▶ **WHAT THIS TASK INVOLVES**: Go through the material and copy every line in which "stroke" appears.

▶ **PROVIDED RECORDS**:
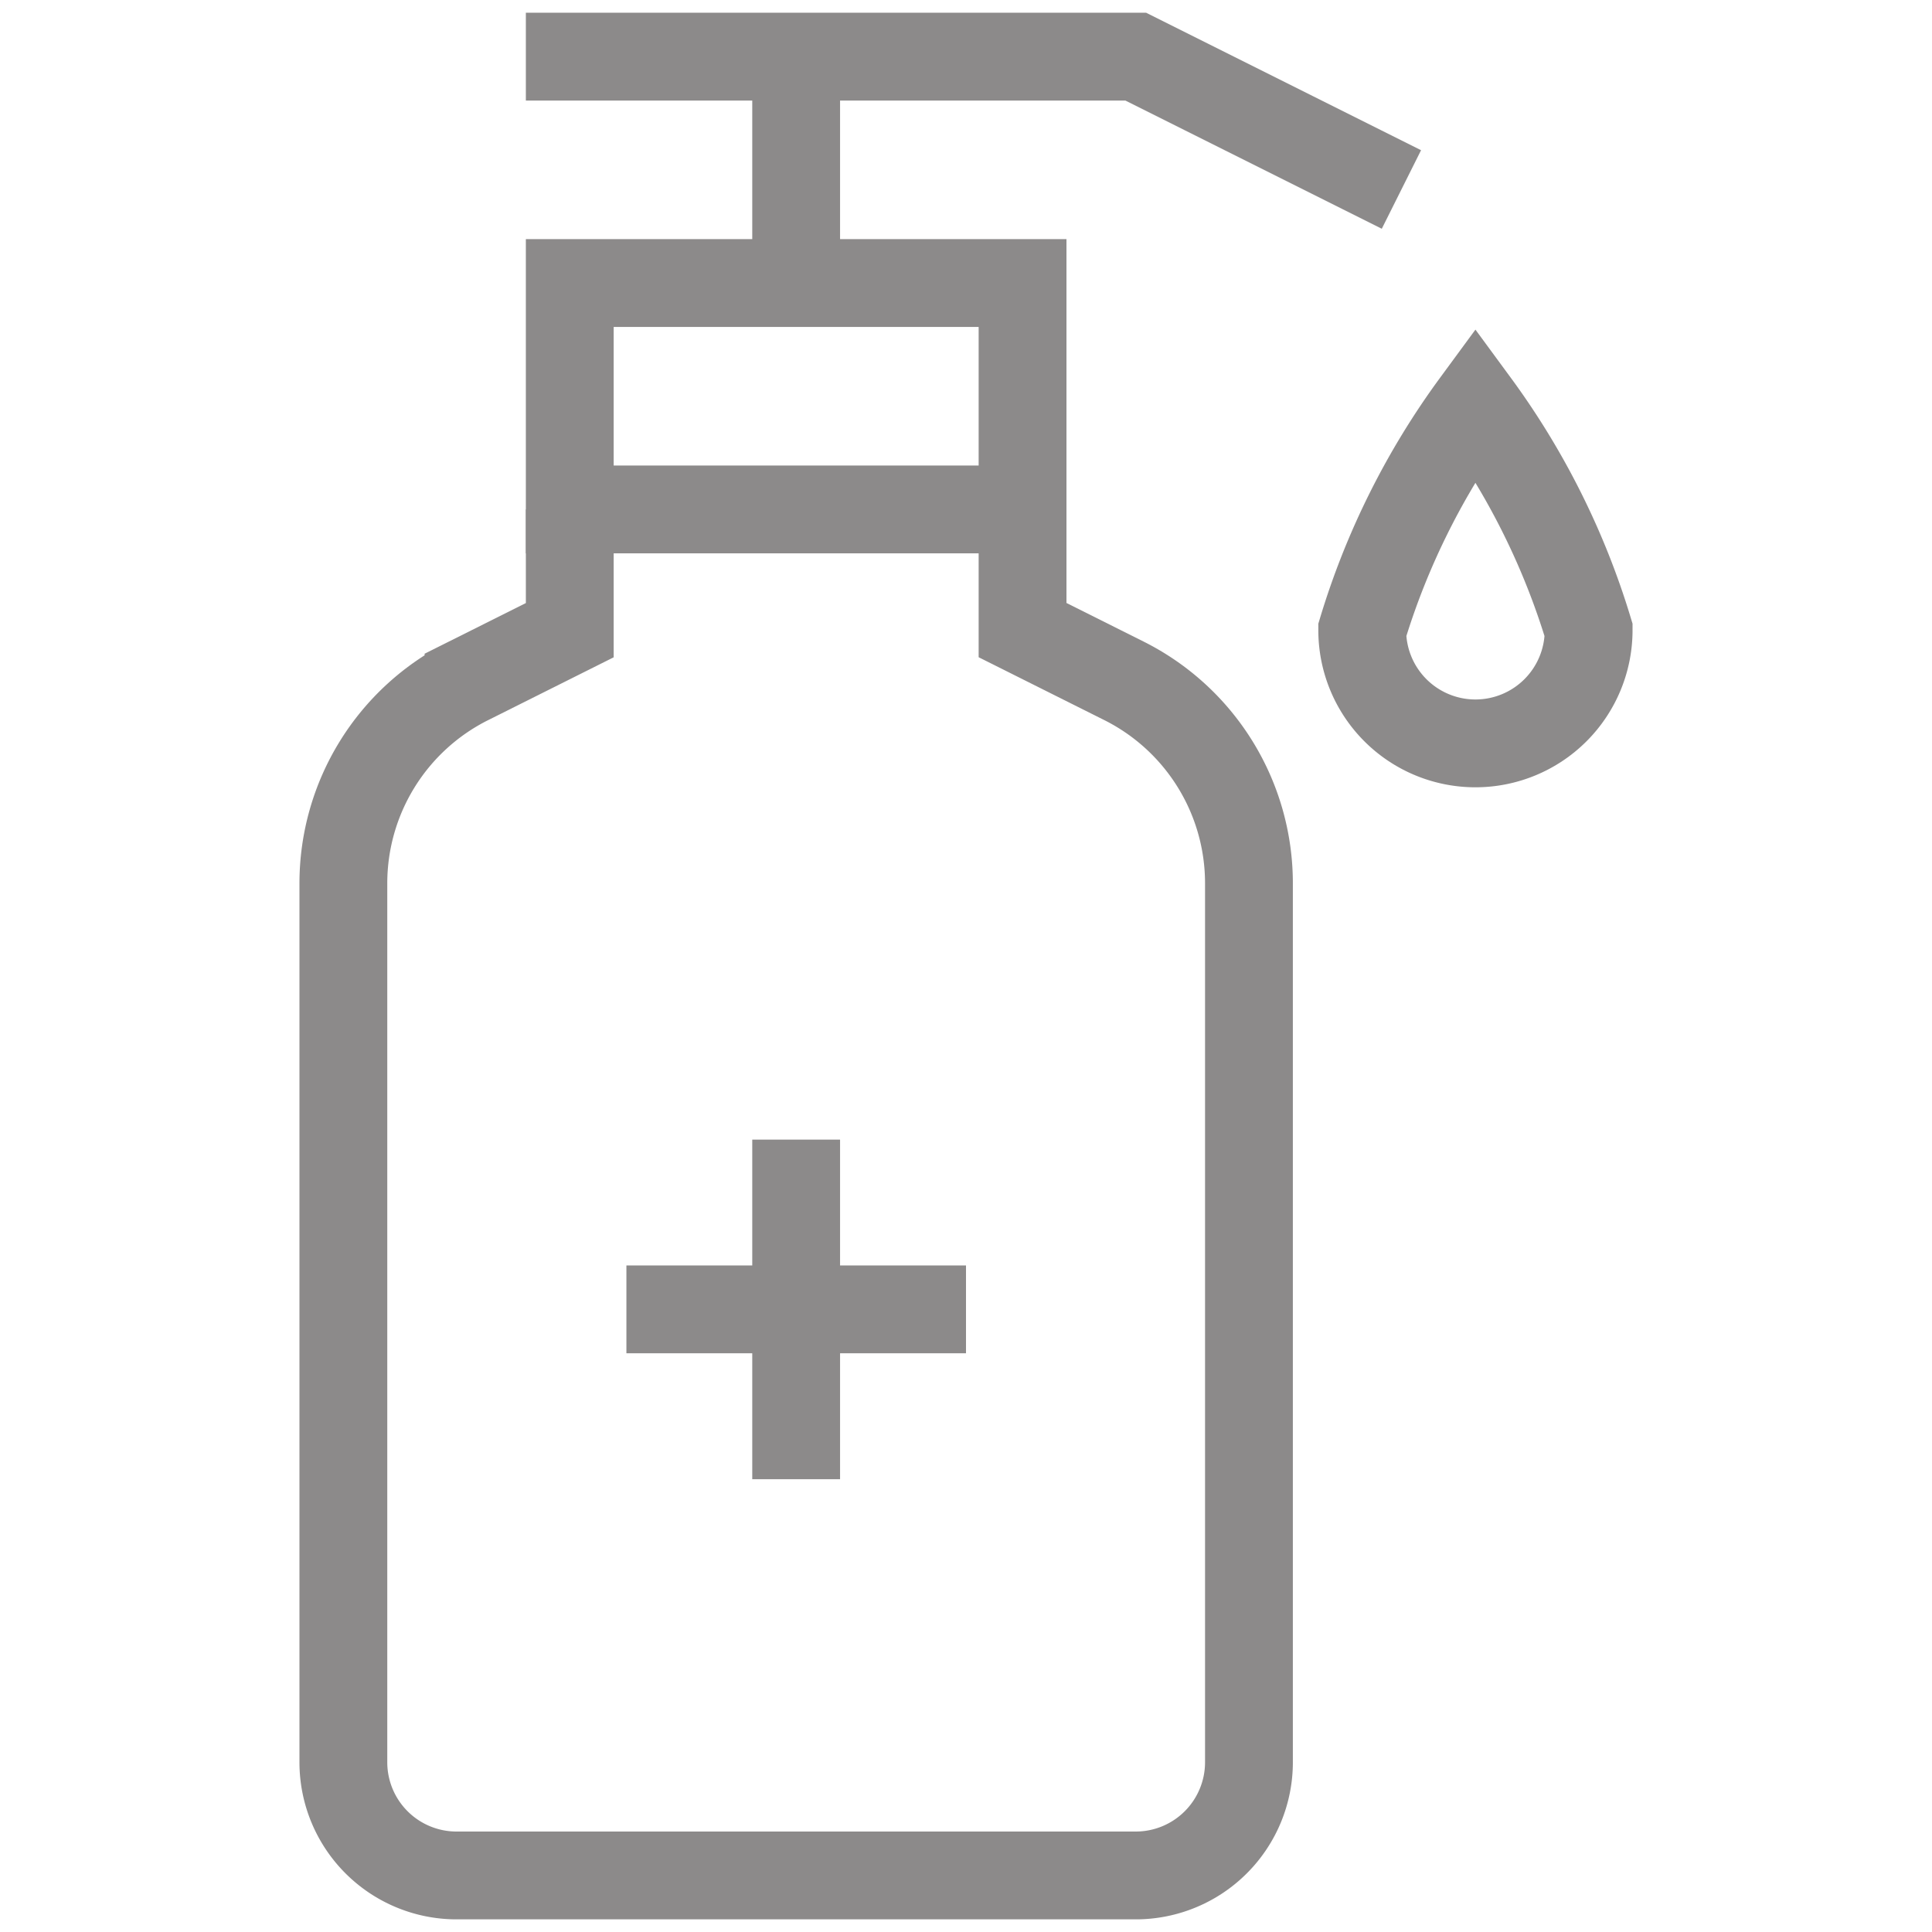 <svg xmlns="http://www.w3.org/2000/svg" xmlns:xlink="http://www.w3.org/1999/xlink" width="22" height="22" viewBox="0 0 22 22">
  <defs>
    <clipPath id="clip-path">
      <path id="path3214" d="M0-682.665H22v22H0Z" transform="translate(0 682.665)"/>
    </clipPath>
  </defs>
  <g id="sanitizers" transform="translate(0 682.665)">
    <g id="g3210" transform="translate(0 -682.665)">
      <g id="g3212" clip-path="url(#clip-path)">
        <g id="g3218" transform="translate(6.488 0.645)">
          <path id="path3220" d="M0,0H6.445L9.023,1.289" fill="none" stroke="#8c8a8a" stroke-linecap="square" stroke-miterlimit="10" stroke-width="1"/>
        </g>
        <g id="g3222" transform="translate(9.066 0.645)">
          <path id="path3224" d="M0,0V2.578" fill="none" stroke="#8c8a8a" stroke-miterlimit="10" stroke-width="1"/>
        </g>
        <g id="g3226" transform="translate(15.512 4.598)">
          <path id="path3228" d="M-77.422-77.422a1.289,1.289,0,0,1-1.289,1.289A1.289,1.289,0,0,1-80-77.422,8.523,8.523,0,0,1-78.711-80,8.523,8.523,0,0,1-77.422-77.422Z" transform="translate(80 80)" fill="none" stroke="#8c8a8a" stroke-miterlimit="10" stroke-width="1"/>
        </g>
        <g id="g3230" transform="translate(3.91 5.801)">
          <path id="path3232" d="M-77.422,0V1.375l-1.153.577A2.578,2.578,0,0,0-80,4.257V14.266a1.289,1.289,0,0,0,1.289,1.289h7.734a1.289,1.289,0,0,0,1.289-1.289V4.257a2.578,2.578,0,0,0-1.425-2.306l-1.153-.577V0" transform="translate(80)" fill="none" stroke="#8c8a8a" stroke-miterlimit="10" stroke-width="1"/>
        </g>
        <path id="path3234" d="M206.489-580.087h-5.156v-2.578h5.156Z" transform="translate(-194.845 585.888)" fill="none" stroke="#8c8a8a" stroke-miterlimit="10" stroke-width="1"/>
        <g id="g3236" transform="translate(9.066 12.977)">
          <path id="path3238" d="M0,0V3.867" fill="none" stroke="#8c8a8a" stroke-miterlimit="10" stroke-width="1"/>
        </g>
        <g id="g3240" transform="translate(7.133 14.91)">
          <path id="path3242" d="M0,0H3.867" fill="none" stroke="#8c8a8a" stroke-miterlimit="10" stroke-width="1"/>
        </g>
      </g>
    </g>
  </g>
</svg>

▶ **RESULT OF THIS TASK**:
          <path id="path3220" d="M0,0H6.445L9.023,1.289" fill="none" stroke="#8c8a8a" stroke-linecap="square" stroke-miterlimit="10" stroke-width="1"/>
          <path id="path3224" d="M0,0V2.578" fill="none" stroke="#8c8a8a" stroke-miterlimit="10" stroke-width="1"/>
          <path id="path3228" d="M-77.422-77.422a1.289,1.289,0,0,1-1.289,1.289A1.289,1.289,0,0,1-80-77.422,8.523,8.523,0,0,1-78.711-80,8.523,8.523,0,0,1-77.422-77.422Z" transform="translate(80 80)" fill="none" stroke="#8c8a8a" stroke-miterlimit="10" stroke-width="1"/>
          <path id="path3232" d="M-77.422,0V1.375l-1.153.577A2.578,2.578,0,0,0-80,4.257V14.266a1.289,1.289,0,0,0,1.289,1.289h7.734a1.289,1.289,0,0,0,1.289-1.289V4.257a2.578,2.578,0,0,0-1.425-2.306l-1.153-.577V0" transform="translate(80)" fill="none" stroke="#8c8a8a" stroke-miterlimit="10" stroke-width="1"/>
        <path id="path3234" d="M206.489-580.087h-5.156v-2.578h5.156Z" transform="translate(-194.845 585.888)" fill="none" stroke="#8c8a8a" stroke-miterlimit="10" stroke-width="1"/>
          <path id="path3238" d="M0,0V3.867" fill="none" stroke="#8c8a8a" stroke-miterlimit="10" stroke-width="1"/>
          <path id="path3242" d="M0,0H3.867" fill="none" stroke="#8c8a8a" stroke-miterlimit="10" stroke-width="1"/>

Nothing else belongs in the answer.